- Title: Tabvla Asiæ VII
- Author: Sebastian Münster
- Date: 1540 [1550]
- Medium: Woodblock print
- Condition: Very Good - minor age toning and scuffing, light discoloration along issued center fold. Verso contains text to accompany map.
- Inches: 10 3/4 x 8 [Image]
- Centimeters: 27.31 x 20.32 [Image]
- Product ID: 222048
Born in Ingelheim, Germany to a family of farmers, Sebastian Münster (1488-1552) lived through the height of the Protestant Reformation. As a young man, he entered the Franciscan order, initially studying at university in Heidelberg under humanist and theologian Konrad Pellikan (1478-1556). Over the course of his studies at Heidelberg and various other German universities, Münster became friends with Martin Luther (1483-1546), and following his conversion to Lutheranism he accepted a position at the University of Basel in 1529. He would remain there for the rest of his life working as a professor of Hebrew, and gained a reputation as a highly-acclaimed scholar. Münster’s location in Basel (arguably the hub of Early-Modern intellectual activity) compounded with his humanistic inclinations brought him into contact with major reformers, academics, and theologians of the day, with whom he fostered lively academic exchange.
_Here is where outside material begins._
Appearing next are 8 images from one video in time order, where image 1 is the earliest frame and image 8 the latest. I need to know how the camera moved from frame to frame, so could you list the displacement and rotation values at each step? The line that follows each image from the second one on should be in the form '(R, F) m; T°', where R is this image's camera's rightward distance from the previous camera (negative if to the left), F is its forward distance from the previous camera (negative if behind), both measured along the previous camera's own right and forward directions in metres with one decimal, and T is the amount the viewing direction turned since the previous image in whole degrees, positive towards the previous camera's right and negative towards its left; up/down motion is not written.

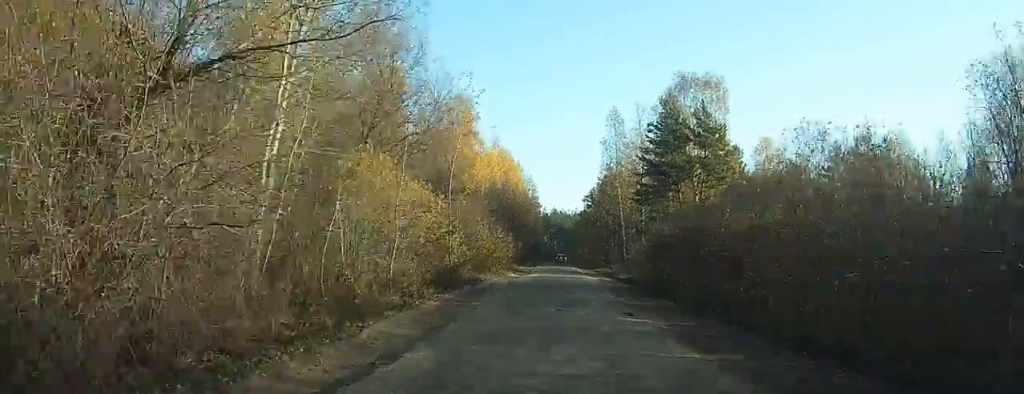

Münster’s first major cartographic work, a 1540 publication of Ptolemy’s Geographica, was the earliest description of the world printed in the German language. In addition to its Ptolemaic maps, Münster’s Geographica included several modern maps which depicted various regions of northern Europe and drew from the work of contemporary cartographers. The Geographica, distinguished by its instantly-recognizable woodcut maps, would be reissued several times over the course of Münster’s life. His second major work, the Cosmographica (1544), was enormously popular and remained in widespread use well into the seventeenth century. Published in six volumes with 471 woodcuts and twenty-six maps, the Cosmographica contained the first map to depict North and South America as a single landmass. This map of ‘Die Nüw Welt’ not only cemented European understanding of the continent by solidifying its naming as ‘America,’ but also stands as the first map to name the Pacific Ocean.
While Münster’s cartographical accomplishments would be eclipsed in subsequent decades by the work of Abraham Ortelius and Gerard Mercator, his maps served as important source material for later cartographers. He also achieved a number of cartographic firsts; in addition to producing the first modern atlas, he was the first to use separate maps for each of the four continents (America, Europe, Asia, and Africa).